Petite chronique d’une promenade annoncée...
Et si nous partions visiter les quartiers de la ville afin de mieux la “sentir” ? ... A la recherche des parfums les plus subtils comme des pires miasmes ... en quête de l’air du temps ! Ces lignes, vous proposent de partager des flâneries éphémères agrémentées, d’impressions ou de réflexions inspirées par la promenade du moment.
“Je m’en allais, les poings dans mes poches crevées ; Mon paletot aussi devenait idéal ; J’allais sous le ciel, Muse ! et j’étais ton féal ; ...” Ma Bohème, Arthur Rimbaud (1854-1891)
Tout commence presque parfaitement... La nuit vient de masquer un ciel menaçant et je me trouve à l’angle du quai des maraîchers et de l’Avenue Marx Dormoy que j’envisage de longer en direction de la Place Saint-Bonnet. A vrai dire, ce ne sont pas tout à fait les conditions que j’avais imaginées initialement pour rédiger ce billet, mais bon... Pourquoi avoir choisi ce lieu et un pareil moment pour s’y rendre, me demanderez-vous ? Parce que c’est moi qui décide ! Je vous en pose des questions ? ... Bon d’accord... Quelques raisons m’ont sans doute incité à débuter par ce quartier qui passe pour populaire. Sa proximité immédiate des marais et le lien qu’il constitue entre le centre-ville et Bourges-Nord, en font un espace incontournable, une véritable zone charnière. Et puis, s’il faut trouver une explication symbolique... j’avoue avoir gardé en mémoire, qu’ici même, j’ai dû passer les tout premiers mois de ma vie... Quant au moment...Je n’avais que ce créneau libre, alors...
Ah, ça y est ! Une petite pluie fine et musicale donne le signal du départ et m’incite à m’engager plus avant. Je commence à fouler rapidement les pavés scintillants. J’avais cru tout prévoir : mon appareil-photo en poche, un carnet et un stylo pour prendre quelques notes... Mais dès les premiers pas, je constate avec dépit, qu’écrire en marchant sous les gouttes relève de l’exploit. Le stylo abandonne d’ailleurs plus vite que moi et refuse bientôt catégoriquement, de diffuser l’encre bienfaitrice sur la feuille humide. Je m’acharne néanmoins à inscrire quelques mots invisibles avec la pointe récalcitrante, perforant quasiment le papier. Tout en maudissant mon imprévoyance, je m’éloigne en laissant derrière-moi, la passerelle métallique qui franchit la voie ferrée pour atteindre l’avenue du Général De Gaulle et les quartiers du nord de la ville.
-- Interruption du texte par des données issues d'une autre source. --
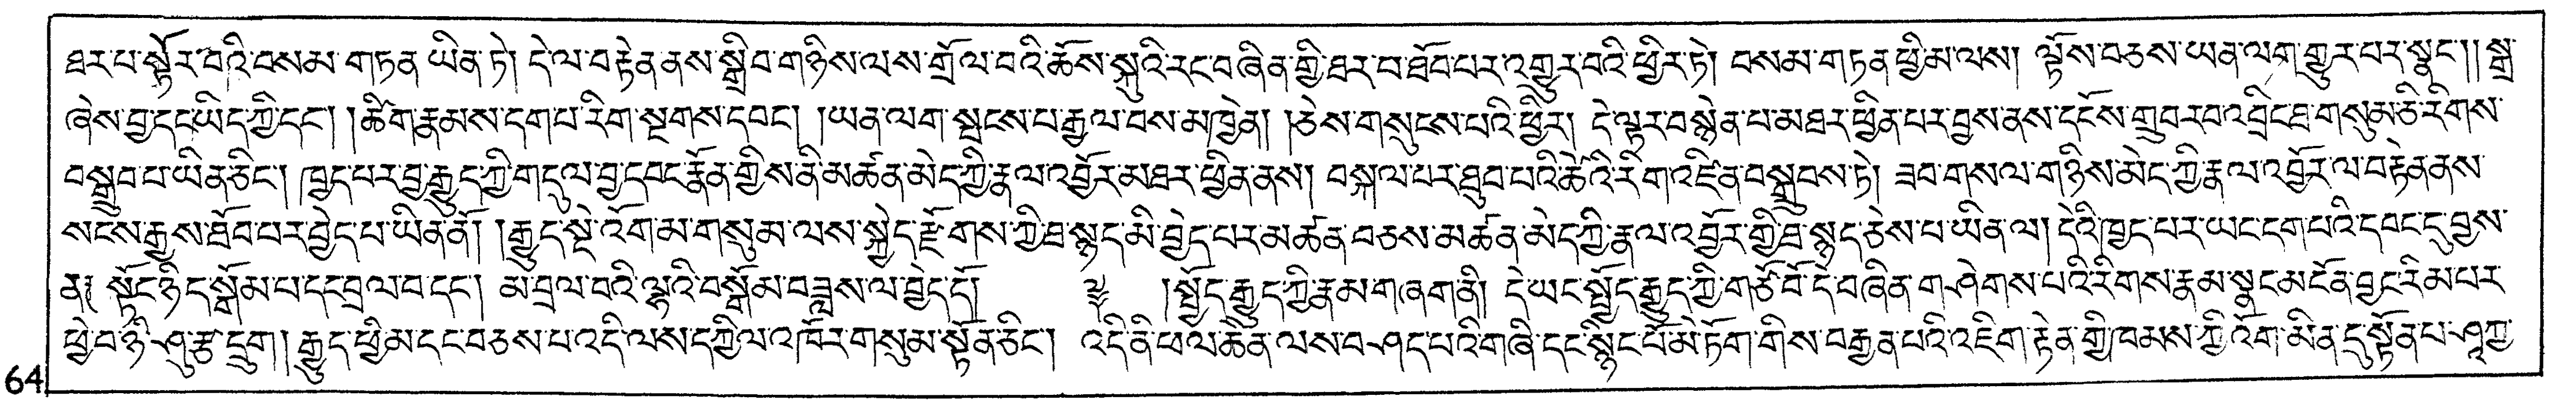ཐར་པ་སྟོར་བའི་བསམ་གཏན་ཡིན་ཏེ། དེ་ལ་བརྟེན་ནས་སྒྲིབ་གཉིས་ལས་གྲོལ་བའི་ཆོས་སྐུའི་རང་བཞིན་གྱི་ཐར་བ་ཐོབ་པར་འགྱུར་བའི་ཕྱིར་ཏེ། བསམ་གཏན་ཕྱི་མ་ལས། ལྟོས་བཅས་ཡན་ལག་གྱུར་པར་སྣང་། །སྒྲ་
ཞེས་བྱ་དང་ཡིད་ཀྱི་དང་། །ཚིག་རྣམས་དག་པ་རིག་སྔགས་དབང་། །ཡན་ལག་སྤངས་པ་རྒྱལ་བས་མཁྱེན། །ཅེས་གསུངས་པའི་ཕྱིར། དེ་ལྟར་བསྙེན་པ་མཐར་ཕྱིན་པར་བྱས་ནས་དངོས་གྲུབ་རབ་འབྲིང་ཐ་གསུམ་ཅི་རིགས་
བསྒྲུབ་པ་ཡིན་ཅིང་། ཁྱད་པར་བྱ་རྒྱུད་ཀྱི་གདུལ་བྱ་དབང་རྣོན་གྱིས་ནི་མཚན་མེད་ཀྱི་རྣལ་འབྱོར་མཐར་ཕྱིན་ནས། བསྐལ་པར་ཐུབ་པའི་ཚེའི་རིག་འཛིན་བསྒྲུབས་ཏེ། ཟབ་གསལ་གཉིས་མེད་ཀྱི་རྣལ་འབྱོར་ལ་བརྟེན་ནས་
སངས་རྒྱས་ཐོབ་པར་བྱེད་པ་ཡིན་ནོ། །རྒྱུད་སྡེ་འོག་མ་གསུམ་ལས་སྐྱེད་རྫོགས་ཀྱི་ཐ་སྙད་མི་བྱེད་པར་མཚན་བཅས་མཚན་མེད་ཀྱི་རྣལ་འབྱོར་གྱི་ཐ་སྙད་ཅེས་པ་ཡིན་ལ། དེའི་ཁྱད་པར་ཡང་དག་པའི་དབང་དུ་བྱས་
ན། སྟོང་ཉིད་སྒོམ་པ་དང་བྲལ་བ་དང་། མ་བྲལ་བའི་ལྷའི་བསྒོམ་བཟླས་ལ་བྱེད་དོ། ༈ །སྤྱོད་རྒྱུད་ཀྱི་རྣམ་གཞག་ནི། དེ་ཡང་སྤྱོད་རྒྱུད་ཀྱི་གཙོ་བོ་དེ་བཞིན་གཤེགས་པའི་རིགས་རྣམ་སྣང་མངོན་བྱང་རིམ་པར་
ཕྱེ་བ་ཉི་ཤུ་རྩ་དྲུག །རྒྱུད་ཕྱི་མ་དང་བཅས་པ་འདི་ལས་དཀྱིལ་འཁོར་གསུམ་སྟོན་ཅིང་། འདི་ནི་ཕལ་ཆེན་ལས་བཤད་པའི་གཞི་དང་སྙིང་པོ་མེ་ཏོག་གིས་བརྒྱན་པའི་འཇིག་རྟེན་གྱི་ཁམས་ཀྱི་འོག་མིན་དུ་སྟོན་པ་ཤཱཀྱ་

Comme il me faudra tout retenir, je décide judicieusement de relever la tête afin de mieux observer les alentours. Sur ma gauche, un Kebab accueille quelques clients que j’entrevois, assis derrière une grille à moitié baissée. Ils sont en train de regarder un match de foot à la télé. D’autres types discutent bruyamment à l’extérieur. Sur ma droite, les vitrines du magasin « Narcy » occupent un large espace. Je crois avoir lu que le marchand de cycles va prochainement changer de locaux. Un souvenir remonte en surface. Enfant, mon premier vélo, un“mini-vélo”, venait de chez « Narcy », installé, à l’époque, place Gordaine... Je m’engage dans la rue des Chèvres, qui se termine en une impasse encombrée de garages. Seules les fenêtres d’une petite maison à façade de briques, illuminent la sombre ruelle. Je décide de rebrousser chemin... Derrière un voilage, je découvre l’intimité d’un intérieur. Une femme prépare le repas pendant qu’un jeune garçon, concentré, révise probablement ses leçons sur la table de la cuisine. Dans le salon, le père de famille, étendu sur le sofa, a le regard fixé sur le poste de télé qui diffuse un bulletin météo. Scène banale et commune à des milliers de foyers dans la ville. Certes, mais une pensée me vient pour ceux - nombreux sans doute - qui n’aspirent simplement qu’à connaître un tel moment de quiétude...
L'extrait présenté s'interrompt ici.